■ Data shown:
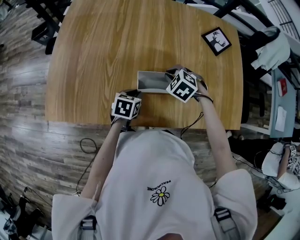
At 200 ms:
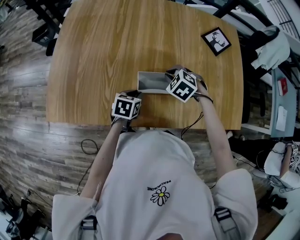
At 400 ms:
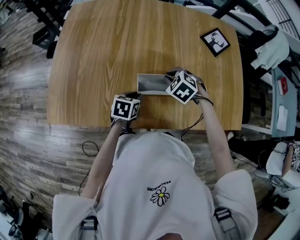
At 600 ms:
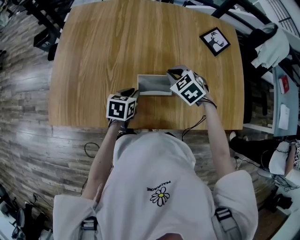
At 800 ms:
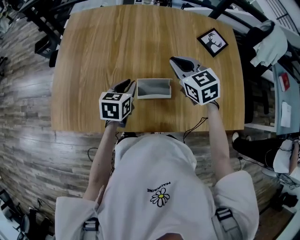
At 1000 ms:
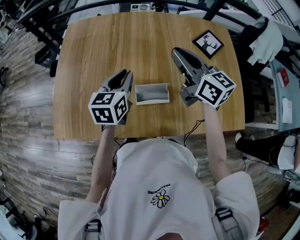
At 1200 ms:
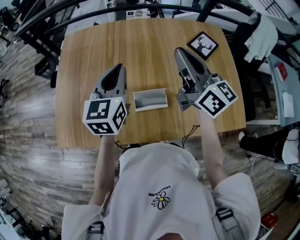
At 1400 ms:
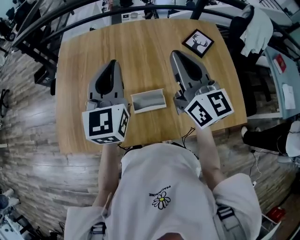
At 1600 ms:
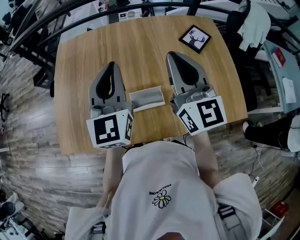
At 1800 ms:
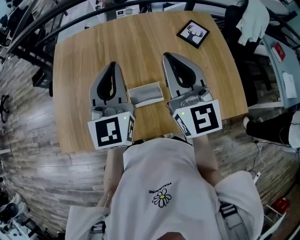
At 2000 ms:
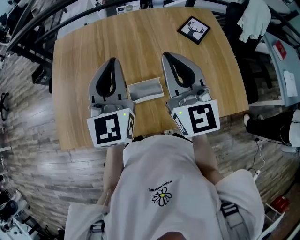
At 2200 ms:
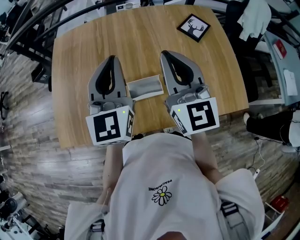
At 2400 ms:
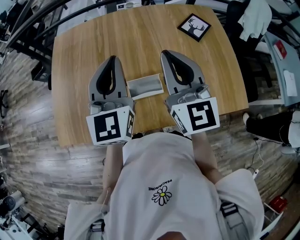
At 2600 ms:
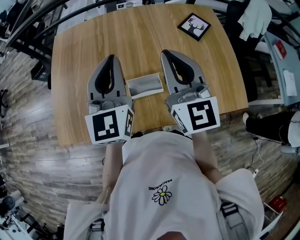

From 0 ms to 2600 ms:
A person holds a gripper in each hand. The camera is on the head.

■ Task prompt: Leave out the pictures and give the listing above again exactly.

■ Solution to this task:
At 200 ms:
At 400 ms:
At 600 ms:
At 800 ms:
At 1000 ms:
At 1200 ms:
At 1400 ms:
At 1600 ms:
At 1800 ms:
At 2000 ms:
At 2200 ms:
At 2400 ms:
At 2600 ms:

From 0 ms to 2600 ms:
A person holds a gripper in each hand. The camera is on the head.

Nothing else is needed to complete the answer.